# [Task to carry out]
The listing below is to be copied exactly, with pictures excluded.

# [Records supplied]
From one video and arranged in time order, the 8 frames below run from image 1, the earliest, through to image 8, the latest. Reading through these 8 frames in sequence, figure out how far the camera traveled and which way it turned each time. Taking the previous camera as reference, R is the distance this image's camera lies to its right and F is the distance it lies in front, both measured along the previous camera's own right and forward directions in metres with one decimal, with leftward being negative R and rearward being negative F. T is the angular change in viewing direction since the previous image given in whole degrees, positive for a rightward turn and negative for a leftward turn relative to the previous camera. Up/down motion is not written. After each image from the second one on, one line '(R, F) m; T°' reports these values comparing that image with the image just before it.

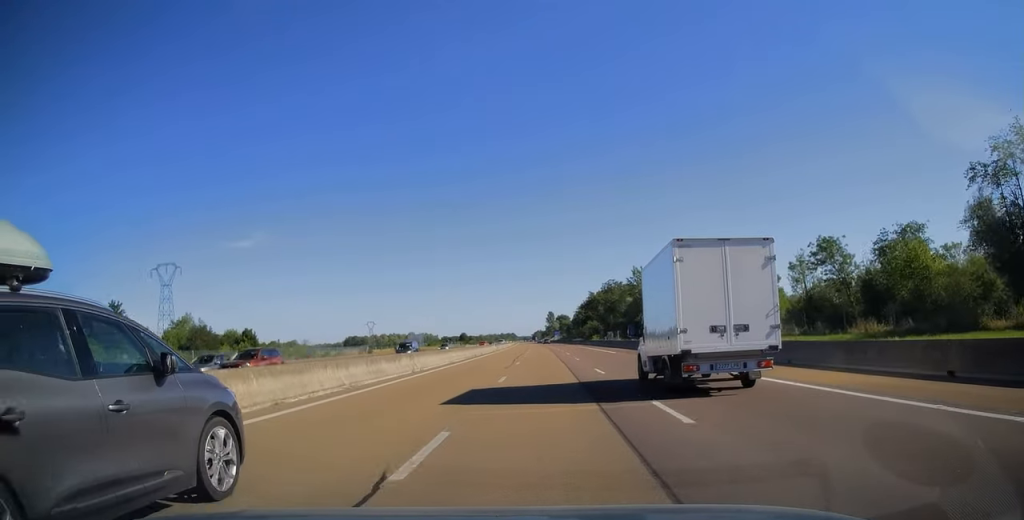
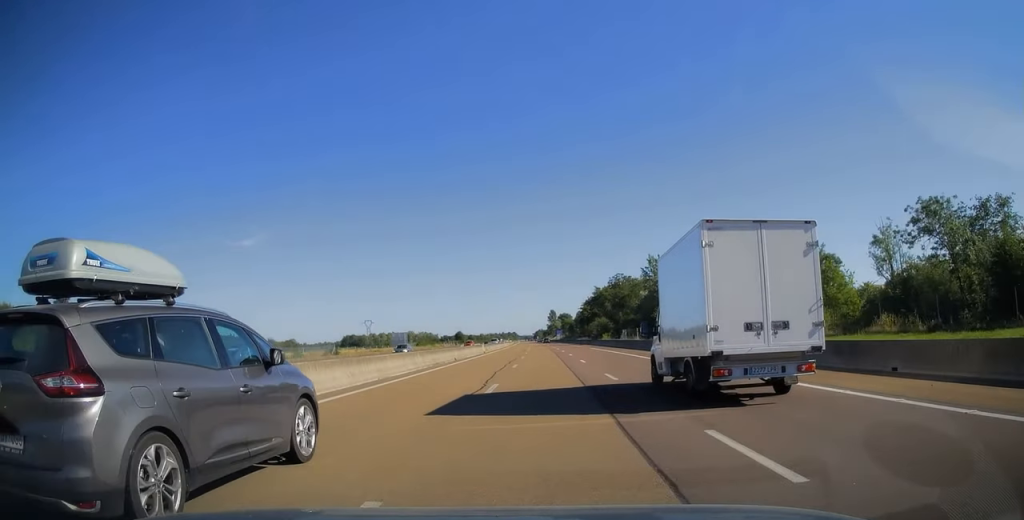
(0.0, +17.0) m; 0°
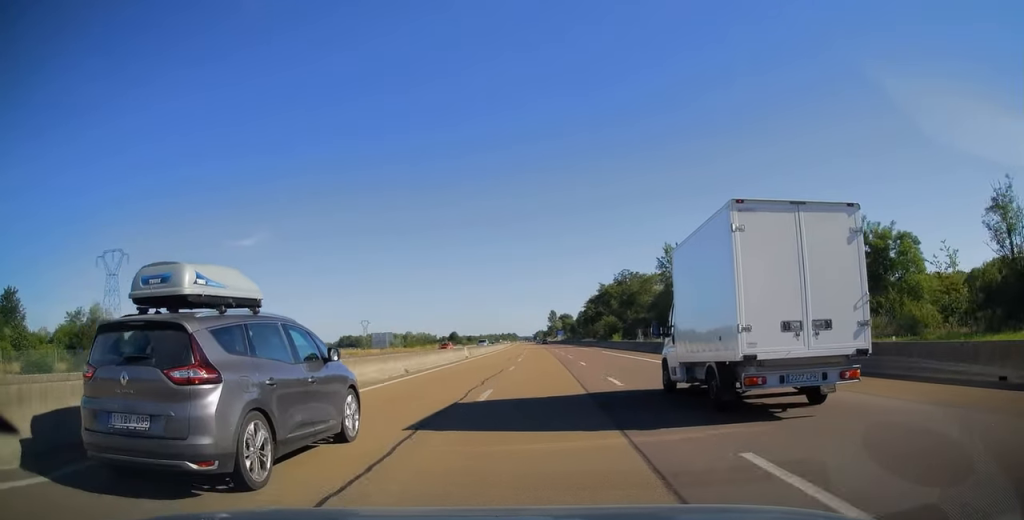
(0.0, +14.7) m; 0°
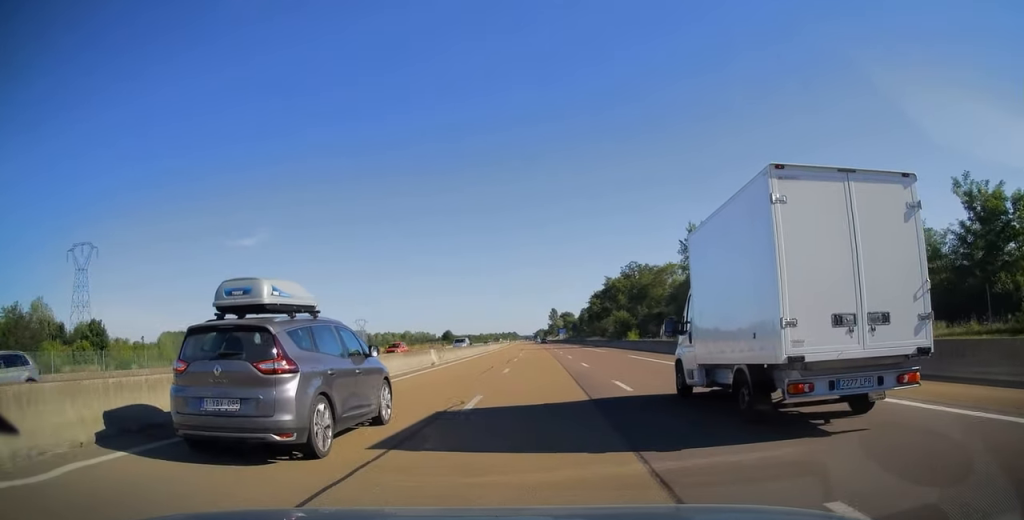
(0.0, +15.2) m; 0°
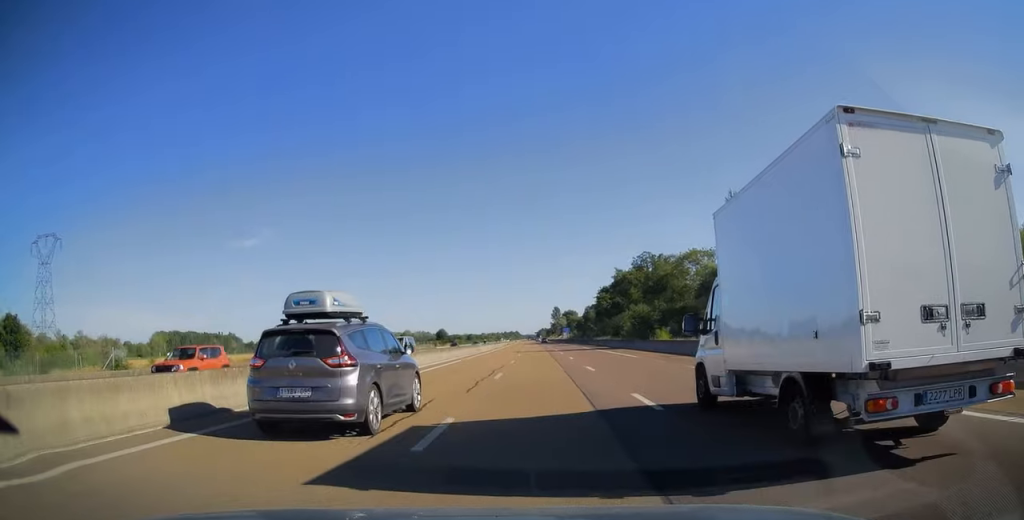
(0.0, +17.0) m; 0°
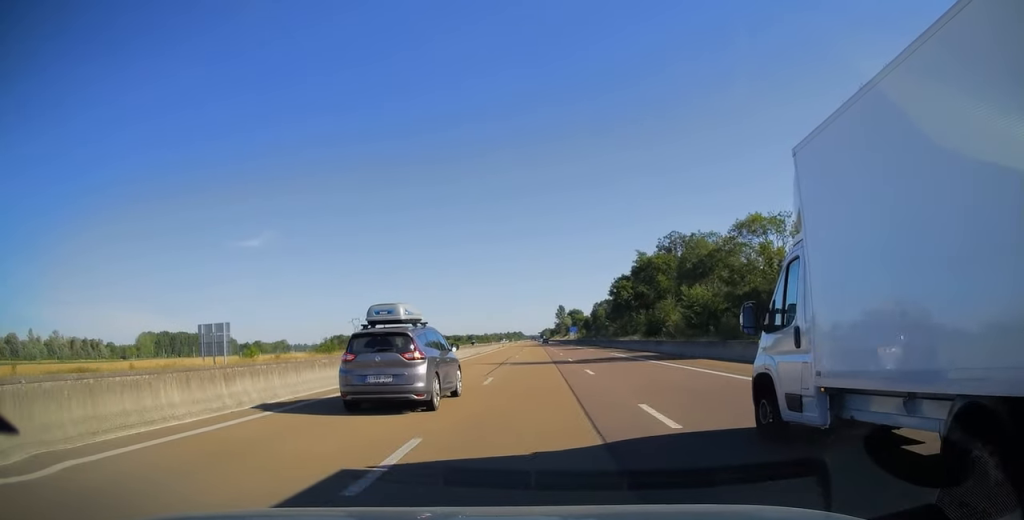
(-0.1, +28.2) m; 0°
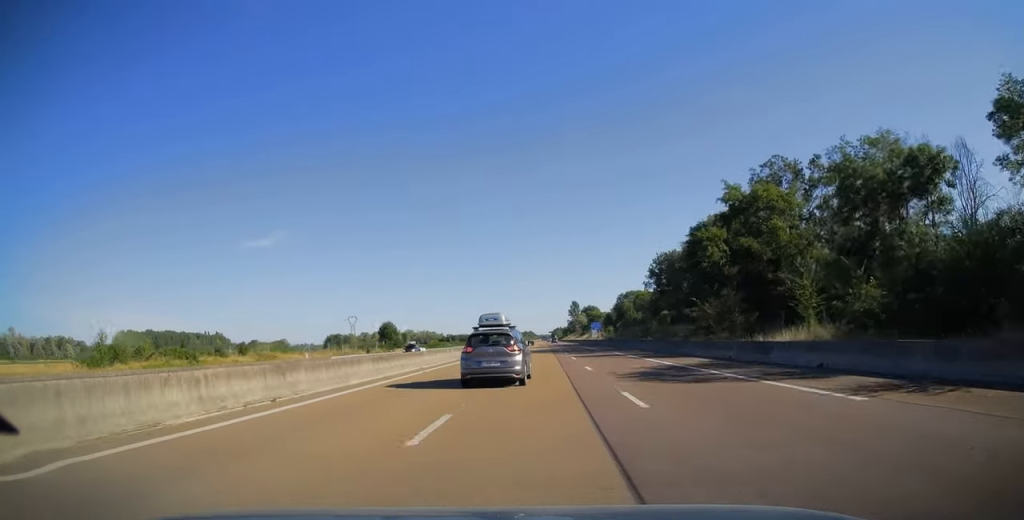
(-0.3, +49.5) m; -1°
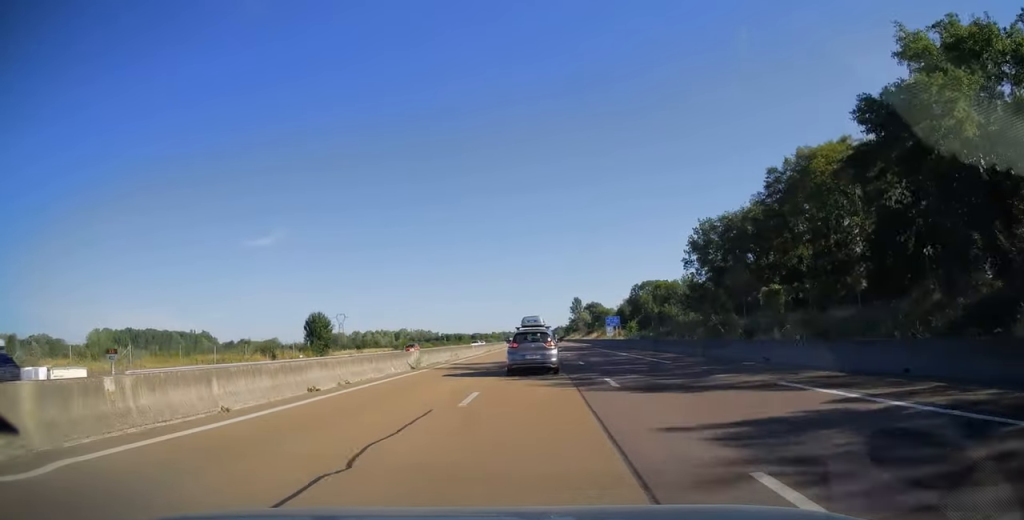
(-0.2, +34.7) m; 0°

# [Written response]
From one video and arranged in time order, the 8 frames below run from image 1, the earliest, through to image 8, the latest. Reading through these 8 frames in sequence, figure out how far the camera traveled and which way it turned each time. Taking the previous camera as reference, R is the distance this image's camera lies to its right and F is the distance it lies in front, both measured along the previous camera's own right and forward directions in metres with one decimal, with leftward being negative R and rearward being negative F. T is the angular change in viewing direction since the previous image given in whole degrees, positive for a rightward turn and negative for a leftward turn relative to the previous camera. Up/down motion is not written. After each image from the second one on, one line '(R, F) m; T°' reports these values comparing that image with the image just before it.

(0.0, +17.0) m; 0°
(0.0, +14.7) m; 0°
(0.0, +15.2) m; 0°
(0.0, +17.0) m; 0°
(-0.1, +28.2) m; 0°
(-0.3, +49.5) m; -1°
(-0.2, +34.7) m; 0°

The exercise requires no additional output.